C’est sur un rythme de ragga muffin que le chanteur a décidé de s’exprimer sur la politique, à quelques mois des dernières municipales. « Té le maire, a koz ou lé menteur? Té le maire, a koz ou lé volèr? (…) Oublie pas 2020 i sa arriver ou passe de kaz en kaz rienk pou fé ladi lafé. Ban contrat CDI ou donne ou bann copine. Avec sa ou connait i gagne ti galine galine. Et pendant tout ce temps l’argent té détourné. Le bann z’élu la met la main dans le paquet… « , chante Naty dans « Le Maire ».

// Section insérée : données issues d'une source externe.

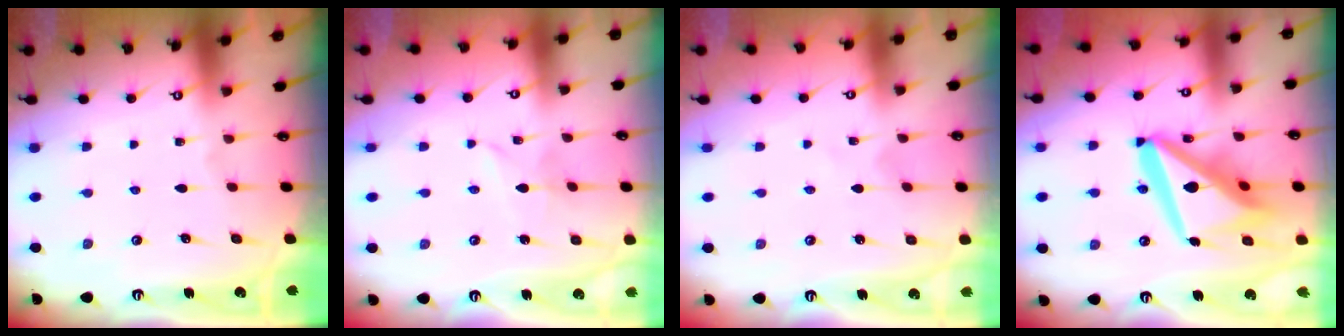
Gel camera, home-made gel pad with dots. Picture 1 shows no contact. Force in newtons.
{"total": 1.8, "press": 1.8, "slide": 0.2}
{"total": 1.3, "press": 1.3, "slide": 0.2}
{"total": 17.8, "press": 17.6, "slide": 2.3}
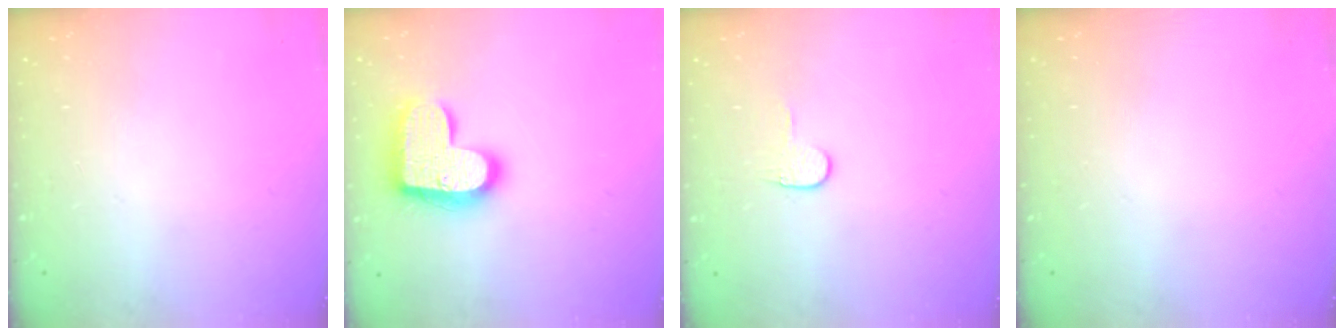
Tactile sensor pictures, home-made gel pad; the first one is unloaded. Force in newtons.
{"total": 17.8, "press": 17.7, "slide": 1.1}
{"total": 3.8, "press": 3.8, "slide": 0.3}
{"total": 0.0}

L’affaire prend un tournant judiciaire quand Olivier Rivière porte plainte avec, au dossier, une attestation du maire de Petite-Ile. Serge Hoareau pense dans un premier temps que la chanson lui est destinée. David Nativel, l’auteur du titre connu sous le nom de Naty, travaille en tant que chauffeur de bus sur la commune de Petite-Île mais vit à Saint-Philippe et exerce l’activité de pompier volontaire au Tampon. Serge Hoareau appelle donc le mis en cause, lequel lui répond que le maire en question n’est pas lui. « Il m’a demandé si c’était Olivier Rivière. J’ai répondu oui pour ne pas le froisser », avoue le chanteur. En réalité, David explique ce jeudi devant le tribunal correctionnel qu’il pose ses « free style » (sans les écrire), « des textes à vocation satirique », sur des mélodies. « Je chante en général. Je ne sais pas si des gens se retrouvent là-dedans. Ce n’est pas quelqu’un de précis. Je ne cite pas de nom », précise-t-il.
Olivier Rivière, « lanceur d’alerte »
Olivier Rivière retenu, son conseil, Me Henri-Pierre Vergnon pointe des paroles dont la paternité a été reconnue par David Nativel, mais aussi la personne visée sur la base de l’attestation fournie par Serge Hoareau. Des paroles qui porteraient atteinte à l’honneur du maire de Saint-Philippe, laissant entendre des faits de corruption ou de détournement de fonds publics, estime la robe noire. Les raisons de cette diffamation alléguée seraient une histoire de vengeance. Le maire n’aurait pas intercédé en sa faveur suite à une mutation du pompier volontaire d’une caserne de Saint-Joseph à une autre du Tampon. Plus largement, en poursuivant l’auteur de la chanson, Olivier Rivière se positionne ici en tant que « lanceur d’alerte » , « pour mettre des limites au aspirations pseudo-artisitiques au non de la liberté d’expression », lance l’avocat.
Comme souvent dans les affaires de diffamation, le parquet s’en est remis à l’appréciation du tribunal.
« Un comportement politique local pas toujours exemplaire »
Pour la défense de David Nativel, Me Laurent Pasquet-Marinacce s’est d’abord attaché à démontrer les failles juridiques de cette plainte. « La question n’est pas de savoir si Olivier Rivière se sent visé mais si les auditeurs pensent qu’Olivier Rivière est visé ».
Avec l’aide de multiples références artistiques locales, de Zikaskan à Ousanousava en passant par le poète Patrice Treuthardt ou encore « Tiburce » de Téhem, Me Jérome Maillot a mis en exergue un ensemble de « visions satiriques d’un comportement politique local qui n’a pas toujours été exemplaire », rappelle-t-il. La visée de cette procédure est ainsi de « flétrir un homme » , « un chanteur qui fait un constat sur ma société », souligne Me Jérome Maillot. Pour autant, « l’artiste est souvent utilisé par les politiques pour créer de l’ambiance » lors des campagnes électorales n’oublie pas l’avocat dans le système de défense de David Nativel. Naty s’est en effet par la suite produit pour Wilfrid Bertil et son titre a également été diffusé par Jacques Techer, à ce moment-là en lice pour reprendre le cirque de Cilaos.
Après avoir patiemment écouté les plaidoiries des deux parties lancées dans l’arène judiciaire, les juges rendront leur décision le 25 novembre prochain.